O Ministério Público acusou 45 arguidos, 13 deles funcionários da Autoridade Tributária (AT), por corrupção, falsidade informática, acesso ilegítimo, abuso de poder, tráfico de influência, fraude fiscal, falsas declarações e detenção de arma proibida.

Segundo adianta a Procuradoria-Geral Distrital de Lisboa, entre os arguidos estão ainda técnicos oficiais de contas, contabilistas, advogados, gestores de empresas, empresários e uma pessoa coletiva.

O Ministério Público pede uma indemnização civil em representação do Estado Português no valor de 57.465 euros.

A troco de dinheiro

De acordo com a acusação, ficou indiciado que, entre o segundo semestre de 2011 e 17 abril de 2016, os arguidos funcionários do Fisco, a troco de dinheiro e de bens patrimoniais e não patrimoniais, praticaram atos que beneficiaram particulares junto da administração fiscal.

Por um lado, havia o fornecimento de informação fiscal, bancária ou patrimonial de terceiro, consultoria e aconselhamento fiscal, eliminação de dívidas. Mas também executavam cessações de atividade de contribuintes em sede de IVA e IRC com efeitos retroativos, de forma a extinguir processos de execução fiscal e de contraordenação, além de emitirem certidões de não dívida de sociedades, que não correspondiam à realidade.

A acusação indica ainda que os funcionários da Autoridade Tributária agora acusados introduziram no sistema informático dados forjados que não correspondiam à realidade, em benefício dos seus titulares. Depois, repartiam entre si as contrapartidas recebida dos “clientes” consoante o grau de intervenção do funcionário.

Para tal, os funcionários da AT acederam a dados pessoais de contribuintes contidos em sistema informático de uso exclusivo da AT e cobertos por segredos, violando as responsabilidades e deveres funcionais a que se encontravam vinculados pelo exercício de funções públicas, sempre visando obter para si e para terceiros benefício económico indevido à custa da defraudação da Fazenda Nacional", sustenta a acusação do Ministério Público.

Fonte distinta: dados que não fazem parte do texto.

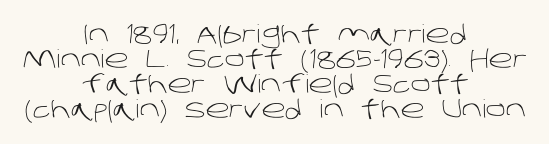
{"bold": "no", "underline": "no", "align": "center", "line_spacing": "tight", "line_spacing_ratio": 1.0, "letter_spacing": "normal", "letter_spacing_em": 0.0, "glyph_px": 25}

Arguidos com Termo de Identidade

Os 45 arguidos encontram-se sujeitos às medidas de coação de termo de identidade e residência e proibição de contactos, estando um deles em prisão domiciliária com pulseira eletrónica.

O Ministério Público requereu a aplicação da pena acessória de proibição do exercício de função aos arguidos funcionários da AT e que fossem declaradas perdidas a favor do Estado as vantagens auferidas pelos mesmos pela prática dos crimes imputados.

O inquérito foi dirigido pela 9ª secção do Departamento de Investigação e Ação Penal (DIAP) de Lisboa, com a coadjuvação da Unidade Nacional de Combate à Corrupção (UNCC) da Polícia Judiciária.